Statistical analysis
Experimental data were statistically processed with GraphPad Prism 9.0 (GraphPad Software; San Diego, USA), and all data are presented as mean ± s.e.m., and comparisons between two independent samples were performed using an unpaired t-test; comparisons between multiple groups were performed with one-way analysis of variance (ANOVA) and two-way ANOVA, and 0.05 was considered statistically significant.
Results
Changes of GLP-1 and ANP in the plasma of clinical patients
Plasma samples were collected from more than 160 clinical patients from 2021 to 2022 (provided by Affiliated Hospital of Yanbian University). Clinical studies have demonstrated that patients with ACS have high levels of ANP and BNP, and ACS is divided into STEMI, NSTEMI, and UA (15). There was no significant difference in the concentrations of ANP and GLP-1 among the three groups (STEMI, NSTEMI, and UA) (Table 1). The levels of GLP-1 in patients with ACS were significantly higher than those in controls (vs control, P = 0.0150; Table 1), but the levels of ANP and NT-proBNP in plasma were significantly lower than those in controls (vs control, P = 0.0002; Table 1), indicating the opposite effect of GLP-1 and ANP.

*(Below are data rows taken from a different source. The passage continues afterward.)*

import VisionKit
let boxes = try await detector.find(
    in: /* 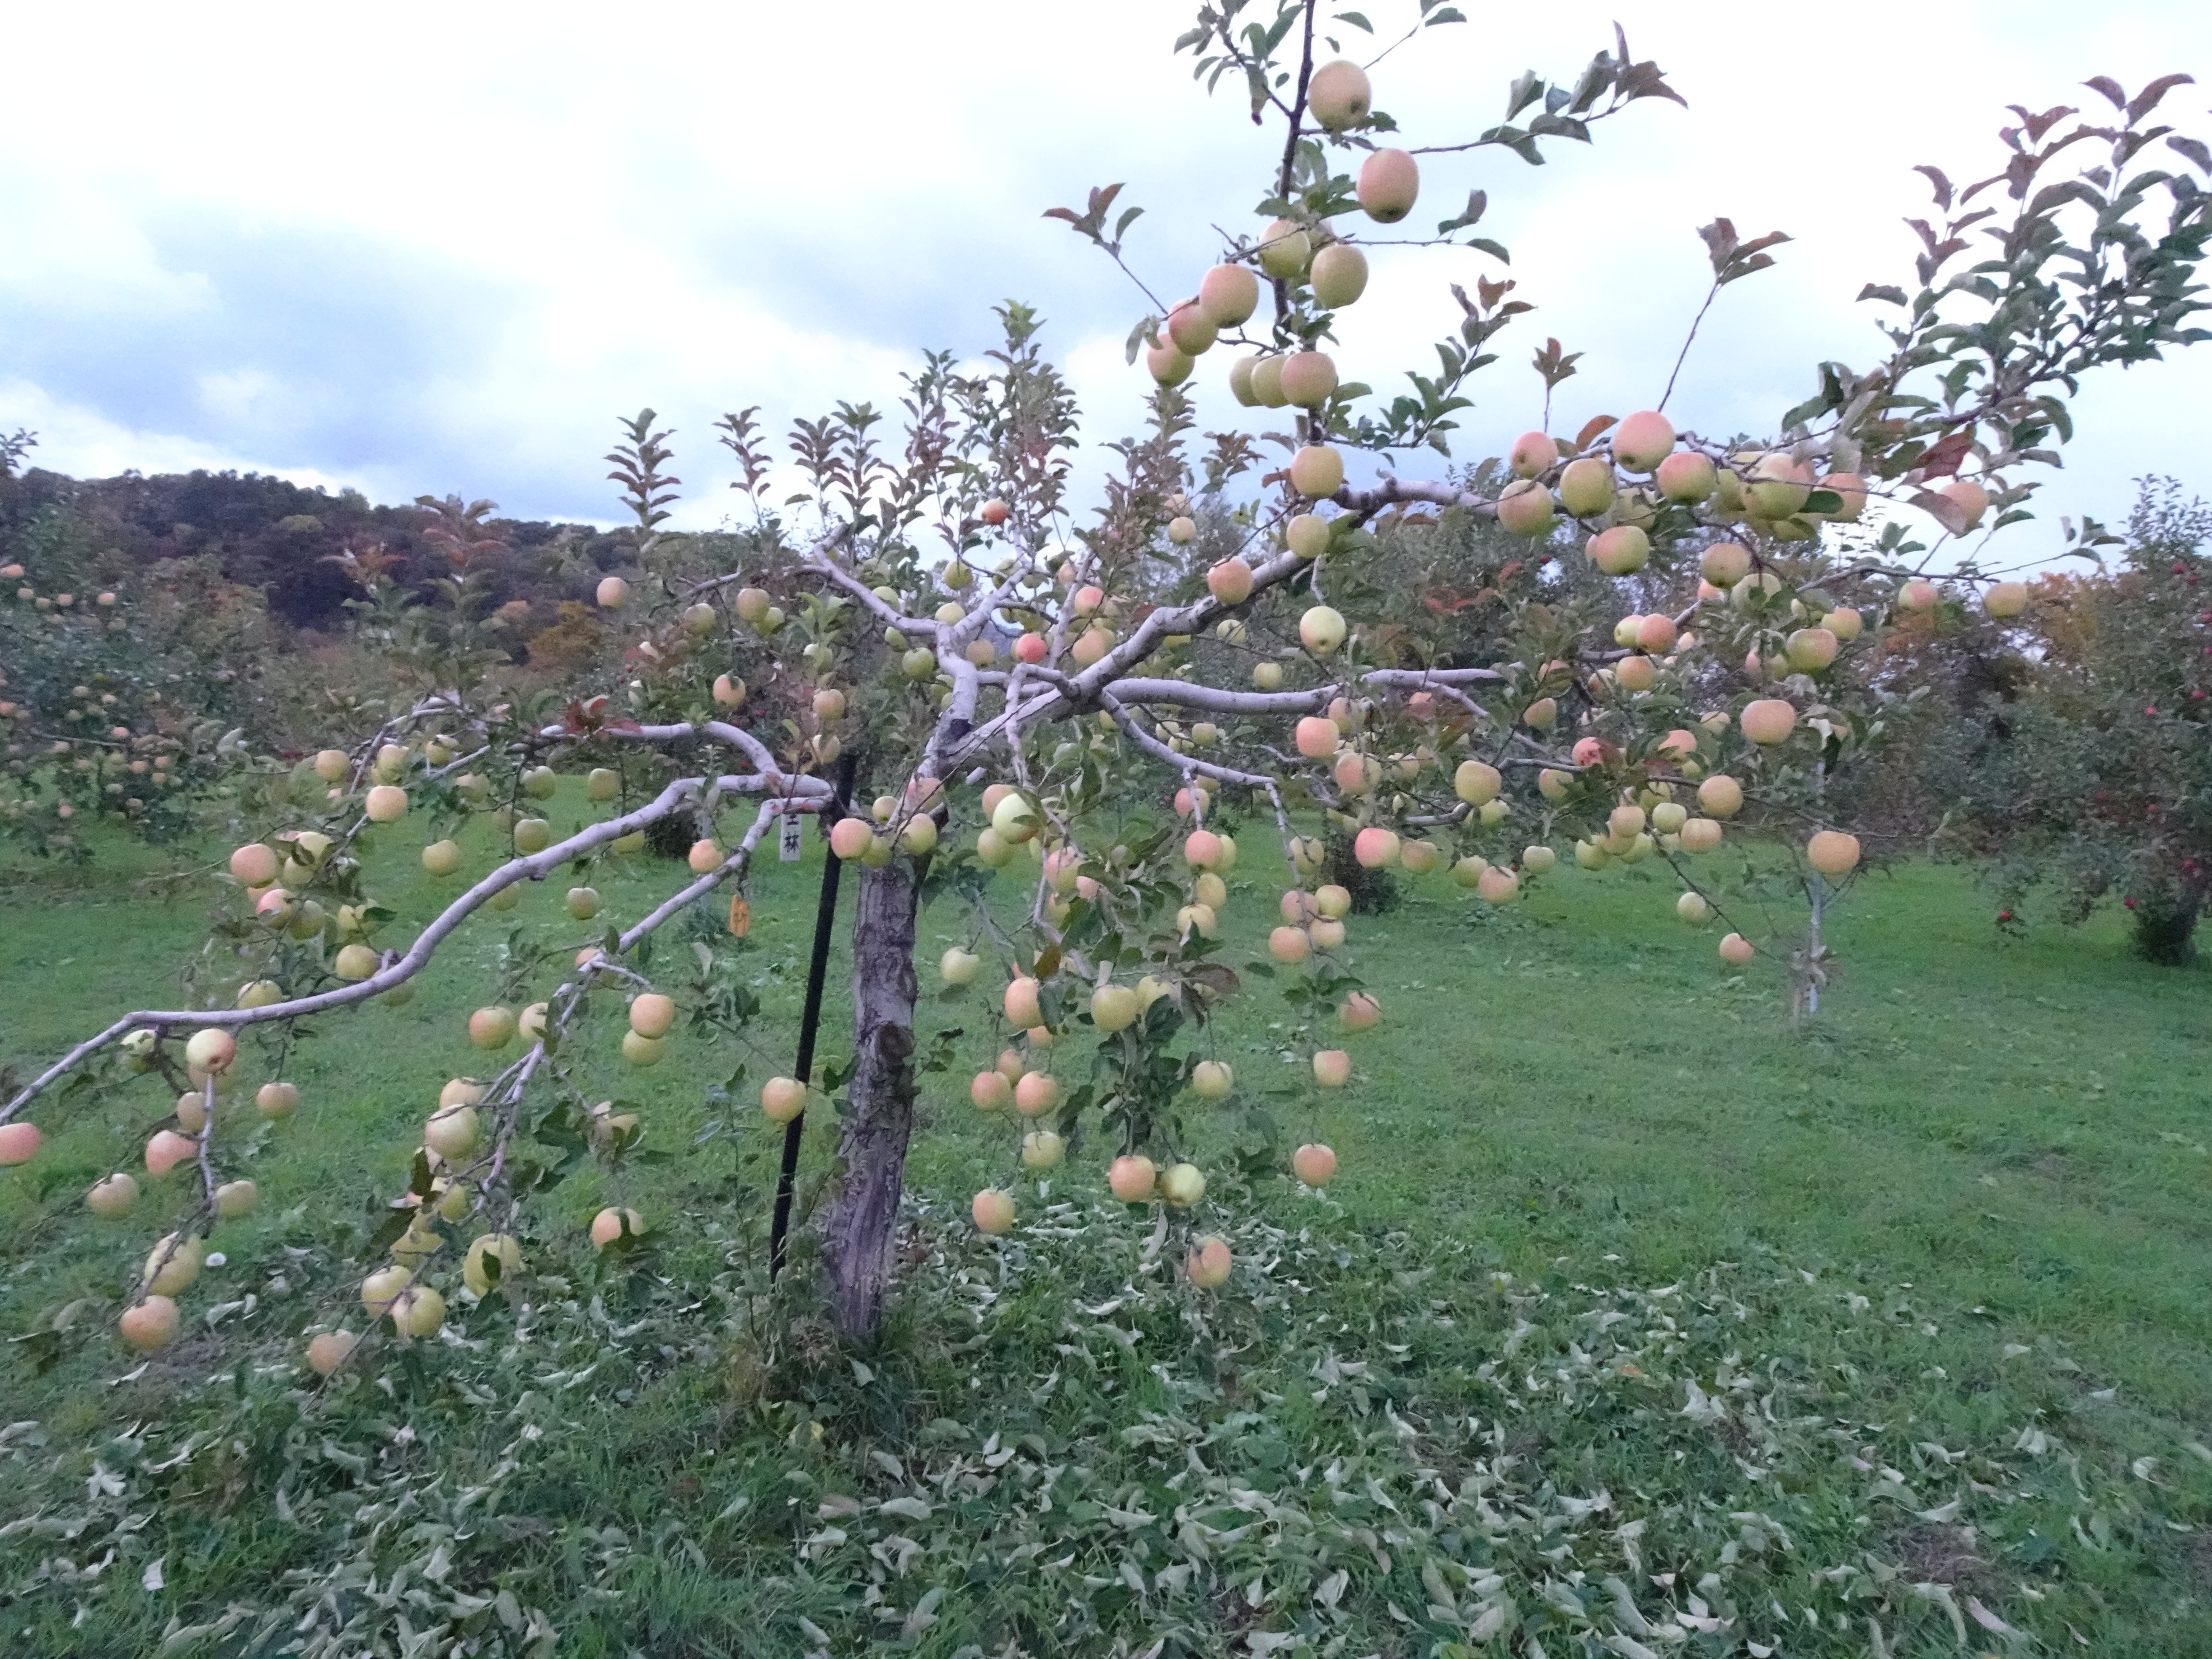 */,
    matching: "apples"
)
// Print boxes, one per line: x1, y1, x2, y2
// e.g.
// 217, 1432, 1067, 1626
410, 1141, 455, 1181
828, 816, 875, 866
1154, 715, 1186, 746
1641, 778, 1675, 810
1895, 575, 1940, 618
1653, 727, 1698, 766
1183, 830, 1224, 874
176, 1093, 217, 1140
1814, 827, 1868, 873
1416, 746, 1445, 777
1563, 592, 1593, 622
980, 496, 1011, 529
144, 1128, 214, 1186
1603, 826, 1632, 858
363, 785, 410, 825
991, 789, 1045, 845
871, 791, 902, 829
1250, 354, 1297, 411
1073, 584, 1109, 622
405, 1175, 467, 1234
1268, 925, 1312, 967
1496, 479, 1556, 539
255, 1080, 301, 1121
334, 943, 385, 986
978, 826, 1019, 869
1679, 817, 1723, 853
1354, 148, 1418, 224
807, 731, 843, 767
1011, 948, 1061, 986
188, 1056, 234, 1094
1609, 805, 1648, 833
244, 871, 287, 907
1799, 586, 1831, 621
1660, 828, 1685, 855
809, 687, 848, 725
1291, 445, 1347, 502
1167, 298, 1226, 357
1579, 706, 1621, 742
1453, 758, 1503, 810
1608, 827, 1655, 864
1212, 832, 1239, 870
1619, 786, 1653, 817
898, 644, 936, 682
390, 1229, 444, 1268
458, 1246, 516, 1295
335, 897, 386, 941
438, 1075, 492, 1118
1791, 596, 1818, 624
635, 570, 664, 602
583, 692, 617, 731
869, 586, 900, 620
1652, 799, 1689, 836
1611, 613, 1653, 655
1426, 719, 1472, 761
1813, 470, 1869, 523
1449, 853, 1492, 889
1342, 801, 1372, 838
1697, 610, 1729, 652
305, 1324, 360, 1383
1677, 893, 1711, 924
1772, 496, 1817, 541
1167, 514, 1197, 551
1382, 750, 1421, 785
627, 680, 660, 710
971, 1071, 1011, 1112
210, 1177, 258, 1222
1740, 453, 1816, 522
1054, 560, 1093, 596
1097, 702, 1123, 734
1332, 753, 1382, 798
1575, 416, 1625, 467
468, 1005, 516, 1050
1042, 886, 1080, 932
1064, 612, 1096, 647
119, 1027, 167, 1073
1004, 976, 1057, 1028
1041, 792, 1074, 825
998, 597, 1024, 622
1279, 350, 1340, 412
229, 843, 279, 890
1184, 964, 1214, 1000
1310, 912, 1346, 953
1191, 721, 1220, 750
1423, 551, 1462, 589
1133, 971, 1180, 1022
802, 641, 839, 676
1570, 733, 1623, 785
1805, 712, 1852, 743
1349, 726, 1380, 757
1345, 630, 1395, 673
1102, 528, 1128, 560
1147, 329, 1198, 391
1280, 889, 1320, 927
1575, 834, 1613, 872
860, 555, 893, 589
595, 571, 632, 614
84, 1170, 140, 1222
935, 941, 980, 988
492, 800, 529, 837
1108, 1153, 1157, 1204
184, 1027, 238, 1075
464, 1231, 521, 1287
517, 1002, 562, 1049
1707, 463, 1746, 519
1175, 905, 1219, 947
1477, 864, 1520, 909
1507, 428, 1560, 483
566, 886, 602, 922
1616, 650, 1660, 693
1088, 981, 1140, 1032
287, 896, 324, 942
1167, 730, 1198, 758
1819, 606, 1861, 644
1454, 798, 1515, 836
1596, 523, 1652, 578
635, 641, 674, 671
1538, 656, 1573, 694
1537, 764, 1575, 803
1158, 1162, 1207, 1212
735, 589, 771, 624
314, 748, 351, 780
0, 1120, 42, 1168
1405, 689, 1440, 722
996, 1047, 1037, 1087
1019, 599, 1046, 630
1698, 709, 1734, 744
2170, 562, 2185, 574
1559, 456, 1621, 520
1295, 715, 1341, 759
324, 785, 360, 815
1655, 449, 1716, 507
360, 1266, 413, 1325
1717, 930, 1757, 971
1597, 487, 1656, 534
1207, 553, 1254, 605
1181, 1236, 1233, 1289
590, 1204, 646, 1256
1174, 661, 1207, 694
1520, 696, 1567, 733
1777, 669, 1822, 706
1583, 532, 1628, 571
1287, 834, 1326, 880
1981, 581, 2028, 619
421, 835, 467, 882
1618, 754, 1651, 784
1028, 824, 1059, 864
456, 781, 492, 820
1291, 1140, 1338, 1188
1783, 627, 1839, 673
1745, 641, 1786, 685
1026, 1024, 1062, 1051
518, 762, 559, 803
961, 637, 996, 670
1330, 738, 1357, 762
1012, 628, 1050, 665
680, 600, 722, 638
514, 816, 551, 857
896, 814, 937, 858
1159, 618, 1195, 650
1227, 353, 1264, 410
483, 878, 526, 913
623, 1026, 666, 1068
1298, 604, 1347, 655
761, 1074, 805, 1122
1338, 988, 1382, 1035
971, 1183, 1016, 1235
1740, 699, 1796, 747
1254, 658, 1286, 696
1354, 825, 1402, 874
1325, 794, 1352, 822
1044, 843, 1086, 893
753, 602, 788, 637
988, 557, 1025, 593
143, 1244, 200, 1300
1697, 773, 1745, 821
1196, 765, 1220, 792
1214, 619, 1245, 645
1729, 572, 1784, 623
1200, 262, 1262, 330
1193, 874, 1229, 911
371, 971, 421, 1005
423, 1103, 480, 1161
391, 1283, 445, 1338
1060, 766, 1103, 804
119, 1295, 184, 1351
1313, 1047, 1353, 1091
586, 766, 625, 806
1400, 840, 1439, 876
255, 887, 302, 930
1277, 642, 1322, 690
1674, 626, 1713, 660
373, 741, 419, 784
1935, 480, 1989, 528
1018, 564, 1046, 589
1588, 667, 1624, 706
1097, 594, 1131, 634
1610, 409, 1675, 474
905, 775, 946, 814
1165, 492, 1195, 521
883, 622, 923, 653
1309, 244, 1369, 310
1191, 1057, 1235, 1100
939, 558, 977, 592
1699, 541, 1751, 590
1307, 57, 1374, 134
1700, 573, 1728, 610
1391, 791, 1424, 818
282, 832, 340, 896
587, 1098, 640, 1147
236, 979, 282, 1023
1680, 751, 1710, 779
1257, 215, 1311, 282
628, 994, 678, 1036
1286, 512, 1332, 561
1634, 613, 1678, 655
689, 836, 727, 876
1329, 696, 1361, 732
420, 732, 466, 773
1290, 210, 1336, 272
981, 783, 1023, 824
935, 598, 966, 632
710, 672, 750, 714
1075, 860, 1114, 909
1022, 1127, 1064, 1172
1068, 626, 1118, 673
612, 814, 646, 854
1313, 884, 1353, 923
1014, 1067, 1060, 1121
1746, 509, 1781, 542
1173, 784, 1211, 825
574, 948, 616, 988
160, 1228, 205, 1271
1522, 843, 1556, 876
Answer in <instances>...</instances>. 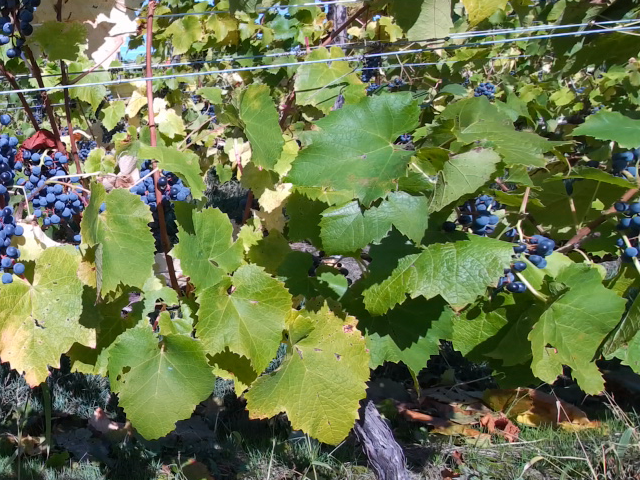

Clinical patient’s plasma each index.
Control (n = 16) | UA (n = 62) | STEMI (n = 64) | Non-STEMI (n = 21) | P | ||
---|---|---|---|---|---|---|
BMI (kg/m2) | BMI < 25 | 12 (75%) | 31 (50%) | 43 (67.2%) | 13 (61.9%) | ns |
BMI ≥ 25 | 4 (25%) | 31 (50%) | 21 (32.8%) | 8 (38.1%) | ||
Gender | Men | 10 (62.5%) | 29 (46.8%) | 36 (56.3%) | 13 (61.9%) | ns |
Women | 6 (37.5%) | 33 (53.2%) | 28 (43.8%) | 8 (38.1%) | ||
Age (years) | <65 | 14 (87.5%) | 29 (46.8%) | 28 (43.8%) | 10 (47.6%) | 0.0308 |
≥65 | 2 (12.5%) | 33 (53.2%) | 36 (56.3%) | 11 (52.4%) | ||
Diabetes mellitus (%) | N/A | 4 (28.6%) | 20 (32.3%) | 22 (34.4%) | 7 (33.3%) | ns |
12 (75%) | 42 (67.7%) | 42 (65.6%) | 14 (66.7%) | |||
Hypertension (%) | N/A | 3 (18.8%) | 3 (35.5%) | 32 (50%) | 13 (61.9%) | ns |
13 (81.2%) | 25 (64.5%) | 32 (50%) | 8 (38.1%) | |||
NT-proBNP (pg/mL) | 68.45 ± 36.38 | 153.4 ± 367.4 | 4230 ± 5827c,e | 2705 ± 5121a,d | <0.0001 | |
Normalized ANP | 26.12 ± 10.30 | 34.38 ± 18.81a | 36.29 ± 15.83b | 37.96 ± 26.52a | 0.0150 | |
Normalized GLP-1 | 293.6 ± 164.8 | 100.2 ± 108b | 74.1 ± 65.96b | 76.8 ± 40.69b | 0.0002 |
Continuous data are presented as mean ± s.e. P < 0.05 is considered statistically significant. Values in bold:
aP < 0.05, bP < 0.01, cP < 0.001 vs control; dP < 0.05, eP < 0.001 vs UA.
NSTEMI, non-ST-segment elevation myocardial infarction; STEMI, ST-segment elevation myocardial infarction; UA, unstable angina.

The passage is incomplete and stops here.